Employers are moving quickly to capture the productivity benefits of artificial intelligence-powered tools, but unauthorized use by employees is creating a new category of insider risk. Shadow Artificial Intelligence refers to workers using unsanctioned Artificial Intelligence platforms or software for business tasks, often with good intentions and without malicious conduct. The risk becomes acute when employees enter confidential company or customer information into public tools available through free personal accounts, including ChatGPT, Claude, and Gemini.
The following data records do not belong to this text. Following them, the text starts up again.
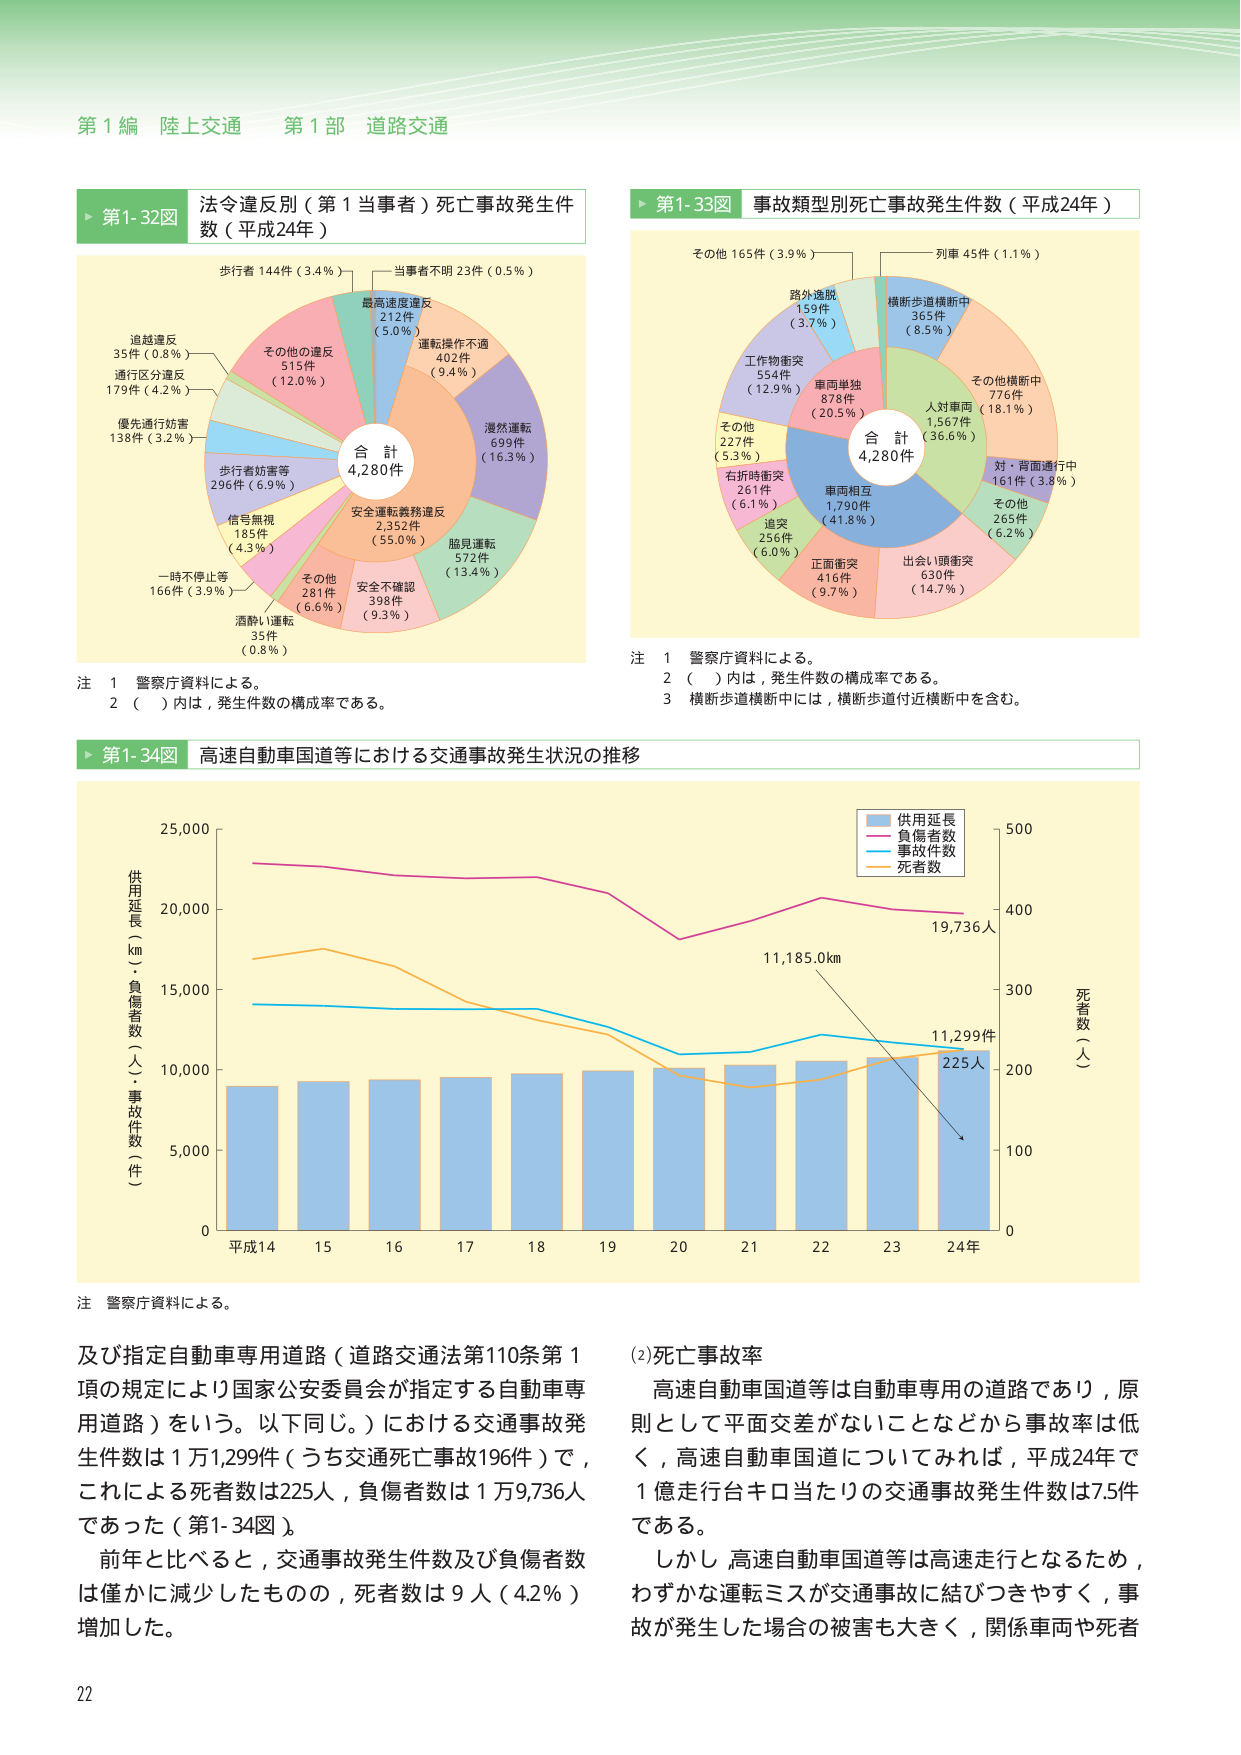
第１編 陸上交通 第１部 道路交通

▶ 第1-32図 法令違反別（第1当事者）死亡事故発生件数（平成24年）
歩行者 144件（3.4％）
当事者不明 23件（0.5％）
最高速度違反 212件（5.0％）
運転操作不適 402件（9.4％）
漫然運転 699件（16.3％）
安全運転義務違反 2,352件（55.0％）
脇見運転 572件（13.4％）
安全不確認 398件（9.3％）
その他 281件（6.6％）
酒酔い運転 35件（0.8％）
一時不停止等 166件（3.9％）
信号無視 185件（4.3％）
歩行者妨害等 296件（6.9％）
優先通行妨害 138件（3.2％）
通行区分違反 179件（4.2％）
追越違反 35件（0.8％）
その他違反 515件（12.0％）
合計 4,280件

注 1 警察庁資料による。
2 （ ）内は、発生件数の構成率である。

▶ 第1-33図 事故類型別死亡事故発生件数（平成24年）
列車 45件（1.1％）
横断歩道横断中 365件（8.5％）
その他横断中 776件（18.1％）
人対車両 1,567件（36.6％）
対・背面通行中 161件（3.8％）
その他 265件（6.2％）
出会い頭衝突 630件（14.7％）
正面衝突 416件（9.7％）
追突 256件（6.0％）
車両相互 1,790件（41.8％）
右折時衝突 261件（6.1％）
その他 227件（5.3％）
工作物衝突 554件（12.9％）
車両単独 878件（20.5％）
路外逸脱 159件（3.7％）
その他 165件（3.9％）
合計 4,280件

注 1 警察庁資料による。
2 （ ）内は、発生件数の構成率である。
3 横断歩道横断中には、横断歩道付近横断中を含む。

▶ 第1-34図 高速自動車国道等における交通事故発生状況の推移
供用延長（km）・負傷者数（人）・事故件数（件）
平成14 15 16 17 18 19 20 21 22 23 24年
0 5,000 10,000 15,000 20,000 25,000
死者数（人）
0 100 200 300 400 500
供用延長 負傷者数 事故件数 死者数
11,185.0km 19,736人 11,299件 225人

注 警察庁資料による。

及び指定自動車専用道路（道路交通法第110条第1項の規定により国家公安委員会が指定する自動車専用道路）をいう。以下同じ。）における交通事故発生件数は1万1,299件（うち交通死亡事故196件）で、これによる死者数は225人、負傷者数は1万9,736人であった（第1-34図）。
前年と比べると、交通事故発生件数及び負傷者数は僅かに減少したものの、死者数は9人（4.2％）増加した。

(2)死亡事故率
高速自動車国道等は自動車専用の道路であり、原則として平面交差がないことなどから事故率は低く、高速自動車国道についてみれば、平成24年で1億走行台キロ当たりの交通事故発生件数は7.5件である。
しかし、高速自動車国道等は高速走行となるため、わずかな運転ミスが交通事故に結びつきやすく、事故が発生した場合の被害も大きく、関係車両や死者

22

A recent Community Bank disclosure to the US Securities and Exchange Commission illustrates the potential consequences. The bank reported that nonpublic customer information was processed internally through an unauthorized Artificial Intelligence-based software application. The customer information at issue included customer names, Social Security numbers, and dates of birth. The bank said the incident did not disrupt operations, payment systems, core information technology infrastructure, or customer access to accounts and services, yet the sensitivity and volume of the data still prompted public reporting and remediation.
Shadow Artificial Intelligence can trigger obligations under cybersecurity, privacy, financial services, healthcare, education, children’s privacy, and consumer privacy rules. Incidents may implicate the Health Insurance Portability and Accountability Act, the Gramm-Leach-Bliley Act, the Family Educational Rights and Privacy Act, the Children’s Online Privacy Protection Act, the California Consumer Privacy Act, state privacy laws, the US Department of Justice’s Data Security Program, the EU’s General Data Protection Regulation, and the UK’s GDPR. Companies may also face customer notice duties, insurance reporting requirements, regulatory inquiries, private lawsuits, tort claims, and class action exposure.
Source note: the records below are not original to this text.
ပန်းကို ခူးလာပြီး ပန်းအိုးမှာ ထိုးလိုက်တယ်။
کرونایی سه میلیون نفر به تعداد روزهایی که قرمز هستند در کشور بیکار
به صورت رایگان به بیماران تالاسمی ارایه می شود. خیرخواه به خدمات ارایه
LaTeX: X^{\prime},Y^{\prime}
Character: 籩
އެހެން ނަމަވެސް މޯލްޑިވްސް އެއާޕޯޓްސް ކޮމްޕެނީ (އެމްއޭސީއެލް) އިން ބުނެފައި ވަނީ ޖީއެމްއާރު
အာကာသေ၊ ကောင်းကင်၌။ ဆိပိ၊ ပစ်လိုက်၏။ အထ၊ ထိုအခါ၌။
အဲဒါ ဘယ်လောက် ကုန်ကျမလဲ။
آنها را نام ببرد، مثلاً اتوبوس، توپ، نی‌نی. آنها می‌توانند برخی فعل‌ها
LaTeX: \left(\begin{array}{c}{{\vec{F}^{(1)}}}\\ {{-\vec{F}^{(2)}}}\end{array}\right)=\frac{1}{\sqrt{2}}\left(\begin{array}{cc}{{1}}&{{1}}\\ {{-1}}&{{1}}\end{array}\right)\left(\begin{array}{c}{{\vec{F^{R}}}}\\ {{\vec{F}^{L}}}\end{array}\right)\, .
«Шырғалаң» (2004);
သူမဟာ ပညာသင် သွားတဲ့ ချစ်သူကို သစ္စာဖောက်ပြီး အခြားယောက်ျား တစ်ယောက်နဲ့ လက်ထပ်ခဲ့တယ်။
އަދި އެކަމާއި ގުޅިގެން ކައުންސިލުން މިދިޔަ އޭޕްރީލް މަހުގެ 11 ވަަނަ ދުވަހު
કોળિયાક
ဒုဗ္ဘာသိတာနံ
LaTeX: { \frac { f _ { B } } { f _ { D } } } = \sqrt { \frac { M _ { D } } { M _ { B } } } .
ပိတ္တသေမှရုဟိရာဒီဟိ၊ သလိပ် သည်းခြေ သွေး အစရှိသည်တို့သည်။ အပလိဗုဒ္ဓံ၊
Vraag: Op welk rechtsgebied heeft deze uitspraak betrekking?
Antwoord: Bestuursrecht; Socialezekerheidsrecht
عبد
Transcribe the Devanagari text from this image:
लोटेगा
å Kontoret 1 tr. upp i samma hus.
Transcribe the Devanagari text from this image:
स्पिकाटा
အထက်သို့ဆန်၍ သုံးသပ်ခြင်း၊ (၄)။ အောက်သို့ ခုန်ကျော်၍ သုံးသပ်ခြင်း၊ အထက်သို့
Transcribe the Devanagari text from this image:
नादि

The security risks are not theoretical. ChatGPT conversations have been found publicly accessible through Google after shared conversations were indexed, and chat logs were later reported as available through a common Google analytics tool. Courtroom risks also exist: a federal judge allowed prosecutors to access Claude logs found on a seized computer after ruling that a criminal defendant’s communications with the platform about his case were not protected by attorney-client or work product privileges. DeepSeek has also drawn concern from US government and private-sector entities over alleged data and policy-alignment risks tied to China.
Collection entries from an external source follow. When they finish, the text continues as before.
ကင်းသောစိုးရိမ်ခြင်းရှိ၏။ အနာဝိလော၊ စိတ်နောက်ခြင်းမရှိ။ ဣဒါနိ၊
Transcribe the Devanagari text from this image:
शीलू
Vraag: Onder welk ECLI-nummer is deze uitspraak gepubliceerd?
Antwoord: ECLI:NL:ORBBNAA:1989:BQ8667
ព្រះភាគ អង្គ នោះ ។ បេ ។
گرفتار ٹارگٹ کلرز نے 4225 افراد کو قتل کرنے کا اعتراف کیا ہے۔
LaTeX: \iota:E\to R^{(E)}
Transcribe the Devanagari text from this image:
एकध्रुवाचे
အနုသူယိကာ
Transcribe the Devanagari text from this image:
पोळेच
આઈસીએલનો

Businesses are urged to respond with formal Artificial Intelligence governance rather than relying on informal expectations. Effective controls may include collaboration among information technology, legal, and compliance teams, data mapping and classification, Artificial Intelligence-focused risk analysis, approved enterprise tools, workforce training, vendor review, client coordination, monitoring, technical barriers, and updated incident response plans. Policies should prohibit Shadow Artificial Intelligence, define acceptable use, impose consequences for violations, and account for regulatory disclosure obligations when data exposure occurs.